• Work to be completed
The exercise asks you to copy every line below in which "what" appears.

(Records from a collection)
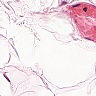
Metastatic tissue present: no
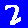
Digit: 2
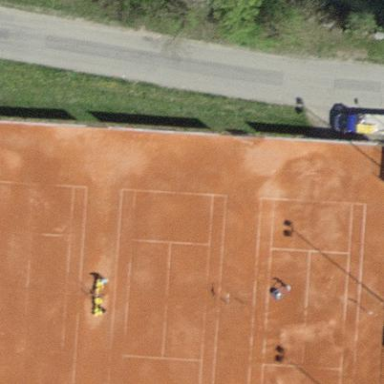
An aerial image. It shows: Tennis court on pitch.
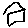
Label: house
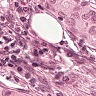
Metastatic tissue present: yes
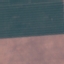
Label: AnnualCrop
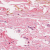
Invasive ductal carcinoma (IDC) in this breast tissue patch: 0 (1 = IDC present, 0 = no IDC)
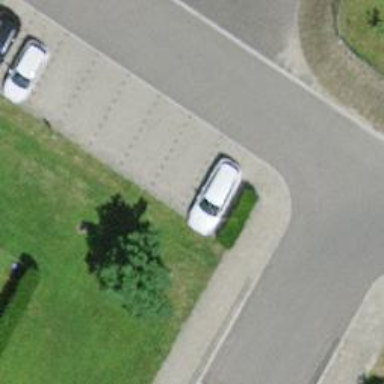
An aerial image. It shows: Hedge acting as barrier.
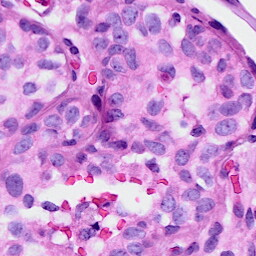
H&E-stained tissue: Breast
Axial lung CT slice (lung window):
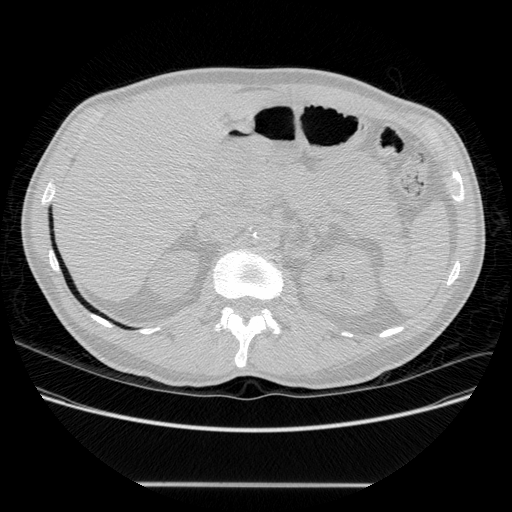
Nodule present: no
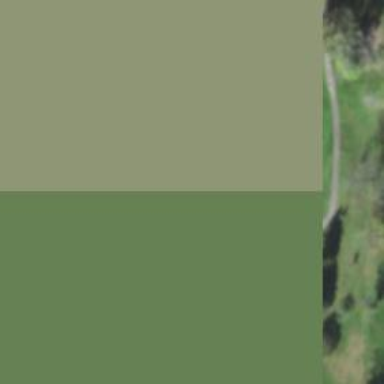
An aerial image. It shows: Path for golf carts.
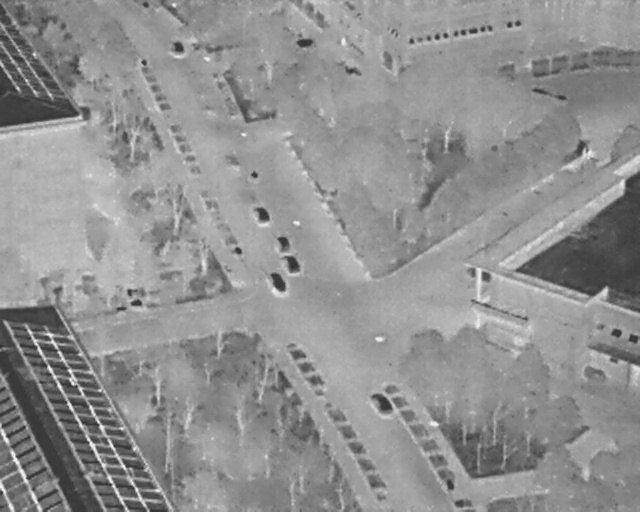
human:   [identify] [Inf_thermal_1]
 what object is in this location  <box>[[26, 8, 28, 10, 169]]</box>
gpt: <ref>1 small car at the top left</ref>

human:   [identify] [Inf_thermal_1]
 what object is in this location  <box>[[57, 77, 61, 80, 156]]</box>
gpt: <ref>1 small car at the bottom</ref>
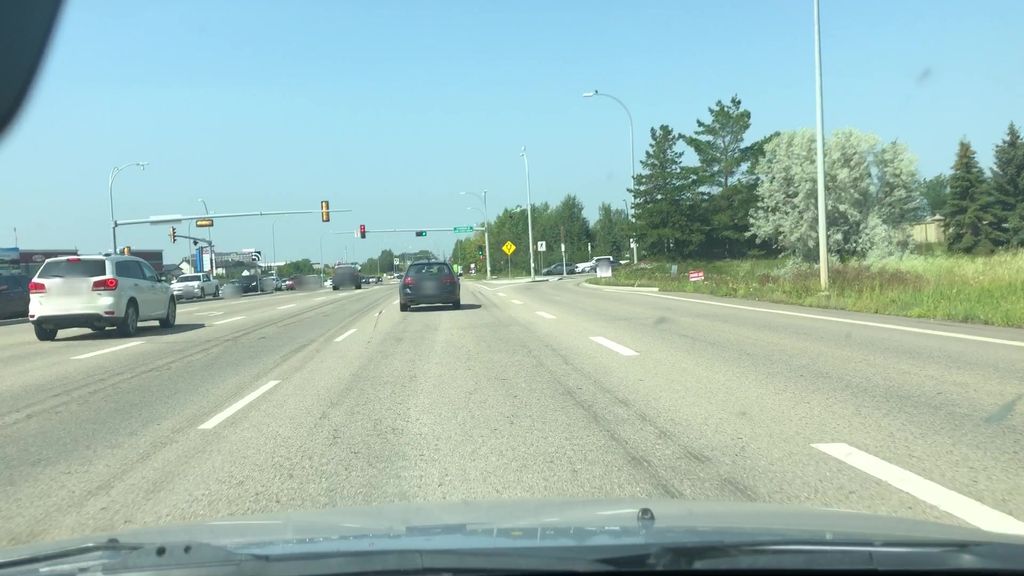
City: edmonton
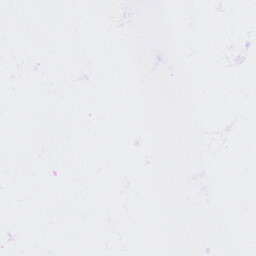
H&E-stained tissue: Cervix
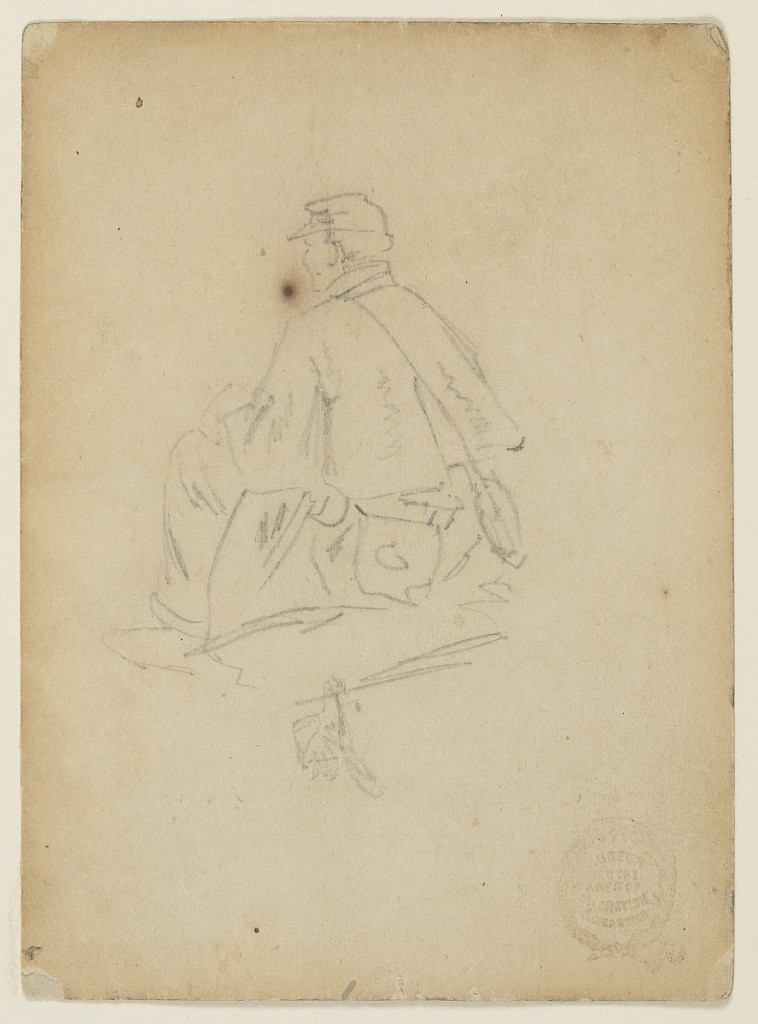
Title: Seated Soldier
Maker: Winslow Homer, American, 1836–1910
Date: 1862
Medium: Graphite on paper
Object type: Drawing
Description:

• Answer to this exercise
 what object is in this location  <box>[[26, 8, 28, 10, 169]]</box>
 what object is in this location  <box>[[57, 77, 61, 80, 156]]</box>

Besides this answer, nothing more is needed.